“This is the first day of my participation in the August More Text Challenge. For details, see: August More Text Challenge.”

preface

Chinese search has always been a headache. While trying to figure out how to participle the words, at the same time trying to figure out how to sort them. Because in the real business, it is not simply to order by word, you need to consider the attributes of the product, such as number of visits, sales, and so on. From the earliest days when SQL Like was used for simple searches, it turned out that word segmentation was not possible when searching for two words. To solve this problem, we use the elasticSearch+IK parser instead. The following problem is how to participle, although IK has its own basic thesaurus, but the actual business field will have their own professional name, such as I sit in the industry insurance, a variety of insurance company names, insurance types, product names are not in the basic word thesaurus, that also need to maintain the expanded thesaurus. It is undoubtedly increased the maintenance workload of our code farmers. Alas, is there a product that solves all of these things, or provides a dumb-ass feature for operations and product managers to use? Alibaba’s OpenSearch addresses this pain point. Okay, so that’s it, so what’s the next thing we’re going to talk about is what’s the pitfall that OpenSearch brings to the pain point?

participles

The word segmentation of OpenSearch is different from ik, which is a dictionary + semantic analysis of Ali machine learning. A problem will be demonstrated below.

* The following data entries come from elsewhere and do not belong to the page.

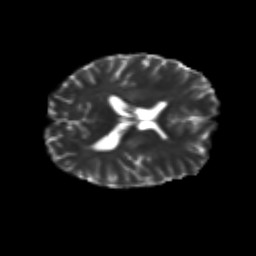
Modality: T2w
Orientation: axial
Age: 22
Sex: male
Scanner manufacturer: siemens
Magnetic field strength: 3 T
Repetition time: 3.5 s
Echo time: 0.125 s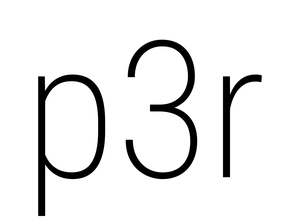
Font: Roboto_Condensed_ExtraLight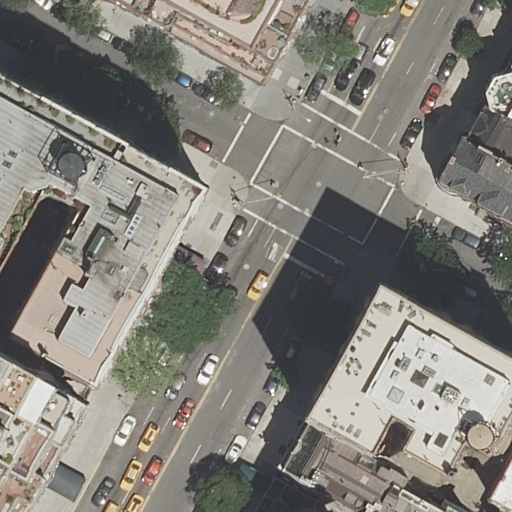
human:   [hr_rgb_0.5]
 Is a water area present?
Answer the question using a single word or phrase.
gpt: no

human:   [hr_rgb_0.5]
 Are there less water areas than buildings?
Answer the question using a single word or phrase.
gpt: yes

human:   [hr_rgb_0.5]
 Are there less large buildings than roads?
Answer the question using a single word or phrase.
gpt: no

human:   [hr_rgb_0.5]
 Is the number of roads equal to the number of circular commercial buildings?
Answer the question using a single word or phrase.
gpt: no

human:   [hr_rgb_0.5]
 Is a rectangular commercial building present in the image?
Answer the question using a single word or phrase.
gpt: no

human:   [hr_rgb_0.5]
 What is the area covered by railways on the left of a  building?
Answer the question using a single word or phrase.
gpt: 0m2

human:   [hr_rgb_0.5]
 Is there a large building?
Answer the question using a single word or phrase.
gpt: yes

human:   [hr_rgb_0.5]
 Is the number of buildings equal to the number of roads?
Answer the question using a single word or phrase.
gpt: no

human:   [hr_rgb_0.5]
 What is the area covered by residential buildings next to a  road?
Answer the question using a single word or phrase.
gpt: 6178m2

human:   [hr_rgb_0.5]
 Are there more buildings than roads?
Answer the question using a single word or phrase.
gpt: yes

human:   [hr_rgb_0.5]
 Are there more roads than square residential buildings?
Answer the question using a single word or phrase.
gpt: yes

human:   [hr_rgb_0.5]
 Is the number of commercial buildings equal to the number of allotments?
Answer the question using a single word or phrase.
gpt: yes

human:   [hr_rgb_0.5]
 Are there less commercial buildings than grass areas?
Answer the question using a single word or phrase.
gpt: no

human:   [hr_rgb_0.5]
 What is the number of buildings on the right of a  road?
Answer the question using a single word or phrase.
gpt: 6

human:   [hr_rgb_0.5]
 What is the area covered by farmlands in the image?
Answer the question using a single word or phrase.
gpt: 0m2

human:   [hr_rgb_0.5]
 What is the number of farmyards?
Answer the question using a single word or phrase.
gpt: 0

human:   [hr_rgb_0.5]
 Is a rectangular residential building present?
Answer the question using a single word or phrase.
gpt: yes

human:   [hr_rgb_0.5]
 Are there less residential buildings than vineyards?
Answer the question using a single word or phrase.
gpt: no

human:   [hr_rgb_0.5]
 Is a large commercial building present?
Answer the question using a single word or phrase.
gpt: no

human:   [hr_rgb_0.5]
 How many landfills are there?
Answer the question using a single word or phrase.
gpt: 0

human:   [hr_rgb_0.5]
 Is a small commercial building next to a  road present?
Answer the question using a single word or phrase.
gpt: no

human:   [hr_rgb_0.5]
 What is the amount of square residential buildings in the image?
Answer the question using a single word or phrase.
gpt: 0

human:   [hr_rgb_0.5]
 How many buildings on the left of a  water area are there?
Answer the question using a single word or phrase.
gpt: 0

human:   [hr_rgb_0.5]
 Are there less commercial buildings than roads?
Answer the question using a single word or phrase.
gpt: yes

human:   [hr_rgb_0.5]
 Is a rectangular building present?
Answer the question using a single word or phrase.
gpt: yes

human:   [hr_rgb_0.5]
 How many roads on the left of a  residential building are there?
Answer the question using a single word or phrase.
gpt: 2

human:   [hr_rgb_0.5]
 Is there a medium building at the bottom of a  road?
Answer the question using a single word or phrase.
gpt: yes

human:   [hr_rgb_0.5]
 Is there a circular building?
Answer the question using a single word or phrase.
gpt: no

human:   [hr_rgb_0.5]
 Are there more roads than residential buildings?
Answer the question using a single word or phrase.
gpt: no

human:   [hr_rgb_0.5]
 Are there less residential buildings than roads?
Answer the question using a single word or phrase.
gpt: no

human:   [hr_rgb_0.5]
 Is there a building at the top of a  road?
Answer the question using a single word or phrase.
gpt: yes

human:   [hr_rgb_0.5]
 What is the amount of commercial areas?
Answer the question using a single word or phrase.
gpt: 0

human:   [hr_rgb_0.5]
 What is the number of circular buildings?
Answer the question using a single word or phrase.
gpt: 0

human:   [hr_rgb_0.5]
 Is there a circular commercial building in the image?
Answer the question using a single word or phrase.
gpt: no

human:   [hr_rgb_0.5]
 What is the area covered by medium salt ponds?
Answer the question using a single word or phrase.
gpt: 0m2

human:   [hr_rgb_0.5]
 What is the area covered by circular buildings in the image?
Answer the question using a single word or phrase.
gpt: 0m2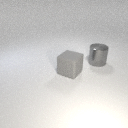
large gray metal cylinder to the right of large gray rubber cube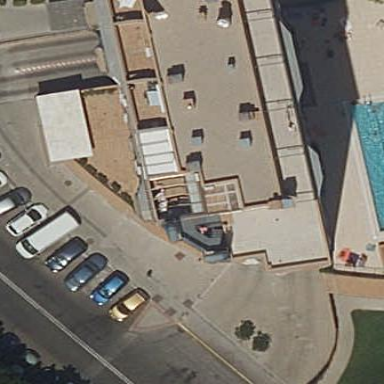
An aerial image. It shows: Part of building is shown in the image.
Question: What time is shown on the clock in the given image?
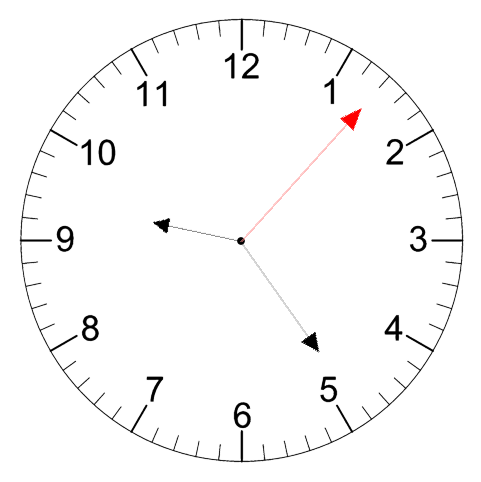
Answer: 09:24:07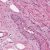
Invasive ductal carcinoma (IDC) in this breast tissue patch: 0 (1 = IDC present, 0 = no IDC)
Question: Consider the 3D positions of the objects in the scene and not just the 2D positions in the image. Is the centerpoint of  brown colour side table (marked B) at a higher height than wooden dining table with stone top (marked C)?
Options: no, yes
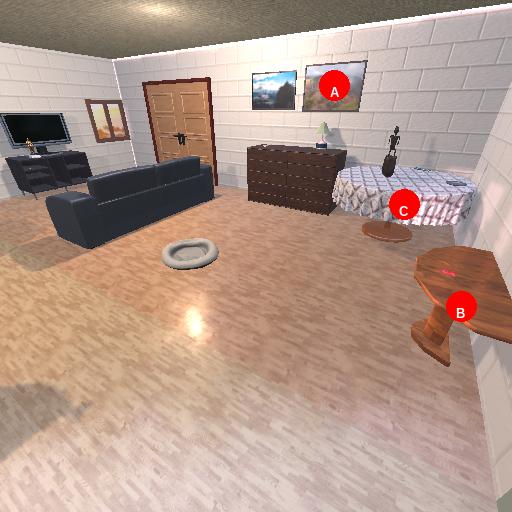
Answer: no
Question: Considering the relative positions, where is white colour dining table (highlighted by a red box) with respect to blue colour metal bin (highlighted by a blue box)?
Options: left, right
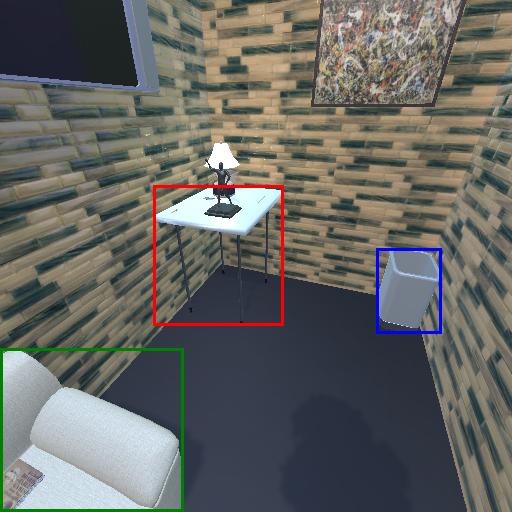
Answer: left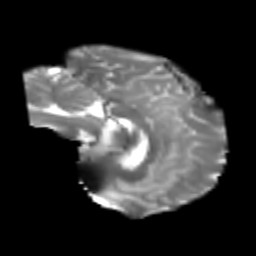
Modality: T2w
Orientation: sagittal
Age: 23
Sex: male
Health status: healthy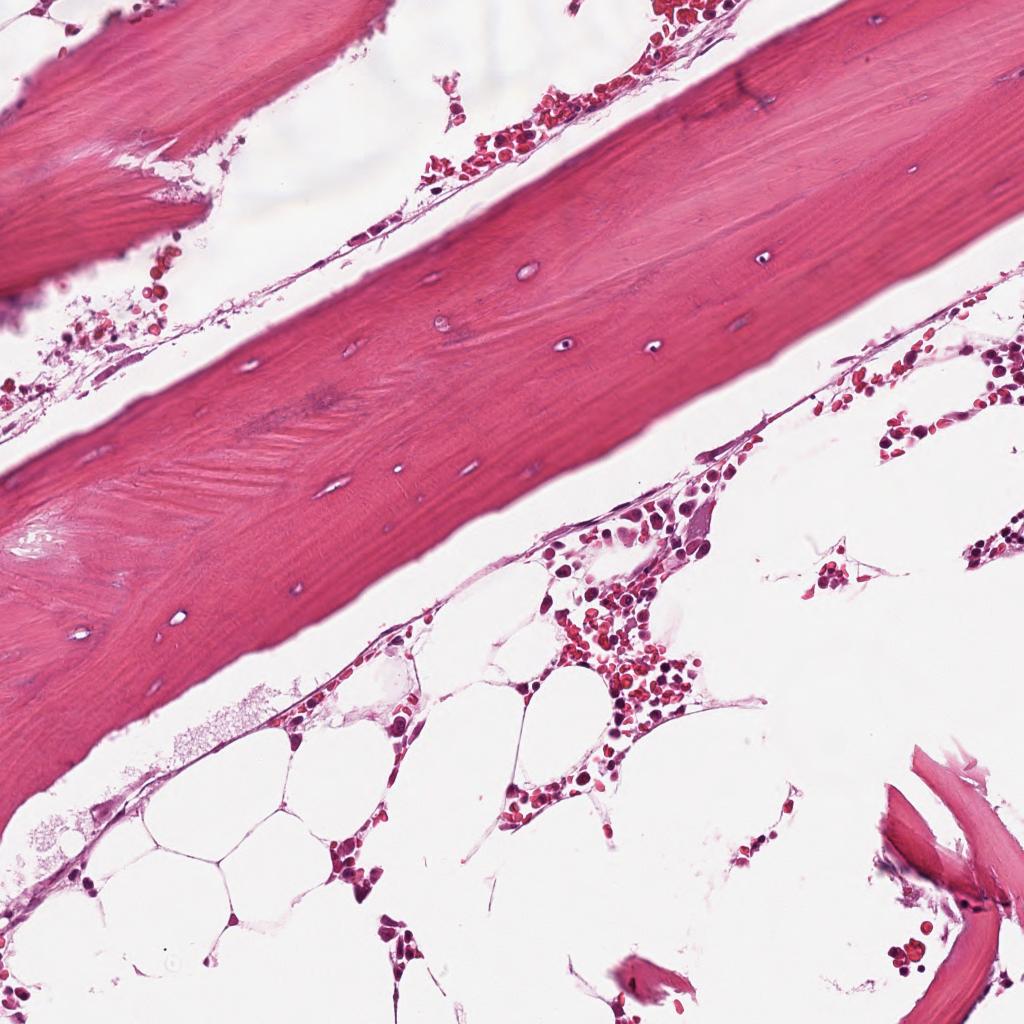
Label: Non-Tumor

Let’s first search for “a million yuan bao 2021 edition” to see the participle results

If we pay attention to the three words “wan Yuan bao”, we will find that in this semantics, it is divided into two words “wan yuan” and “bao”.

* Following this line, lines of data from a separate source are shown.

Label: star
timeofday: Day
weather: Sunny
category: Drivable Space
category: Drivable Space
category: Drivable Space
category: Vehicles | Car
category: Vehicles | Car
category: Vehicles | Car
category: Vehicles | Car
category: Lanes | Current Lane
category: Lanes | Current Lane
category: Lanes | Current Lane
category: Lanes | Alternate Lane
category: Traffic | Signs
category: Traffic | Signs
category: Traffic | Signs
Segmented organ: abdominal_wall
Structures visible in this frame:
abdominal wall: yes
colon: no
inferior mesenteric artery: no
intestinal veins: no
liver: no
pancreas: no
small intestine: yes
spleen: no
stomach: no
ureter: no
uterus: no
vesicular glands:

Let’s look at the participle result of “wan Yuan bao” again

It is not difficult to find that it is divided into two words: “wan” and “Yuan Bao”.

In practical application, the customer search habit is always like to input short words, in the search “wan Yuan bao”, the word is not in the inverted index, will lead to the key results can not be found, resulting in production problems.

The solution

So what’s the solution? Opensearch is a mature product because it can fill in the gaps with other features of its own. A closer look reveals that custom words take precedence over semantic analysis. We can define a word segmentation, and then dictionary management to maintain the word “wan Yuan”, (if it is maintenance, remember to rebuild the index). Let’s see what happens.

Have been divided into “ten thousand yuan” “protect”, so that there will not be because of the inversion index inside did not lead to search out. Perfect problem solving.